» **Work to be completed**: Look below for the lines from the one with "އެ ދަތުރުތަކަކީ ދެކުނުގެ" to the one with "بلندترین تپه می", and copy exactly those lines, both ends included.

» **Data shown**:

- Opening Delimiter -

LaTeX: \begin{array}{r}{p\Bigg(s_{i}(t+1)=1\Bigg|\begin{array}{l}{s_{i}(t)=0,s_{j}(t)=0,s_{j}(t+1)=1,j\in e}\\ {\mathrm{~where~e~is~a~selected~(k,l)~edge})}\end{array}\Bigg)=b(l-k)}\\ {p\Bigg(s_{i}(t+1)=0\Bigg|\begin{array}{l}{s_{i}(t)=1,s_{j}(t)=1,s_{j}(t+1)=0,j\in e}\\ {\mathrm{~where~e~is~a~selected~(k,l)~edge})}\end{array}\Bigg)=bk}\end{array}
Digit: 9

- Closing Delimiter -
- Opening Delimiter -

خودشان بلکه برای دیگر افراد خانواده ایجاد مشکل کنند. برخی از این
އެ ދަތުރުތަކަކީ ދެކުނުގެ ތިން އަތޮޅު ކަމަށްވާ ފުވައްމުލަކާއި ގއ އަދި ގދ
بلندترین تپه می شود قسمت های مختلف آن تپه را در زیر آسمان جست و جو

- Closing Delimiter -

» **Result below**:
އެ ދަތުރުތަކަކީ ދެކުނުގެ ތިން އަތޮޅު ކަމަށްވާ ފުވައްމުލަކާއި ގއ އަދި ގދ
بلندترین تپه می شود قسمت های مختلف آن تپه را در زیر آسمان جست و جو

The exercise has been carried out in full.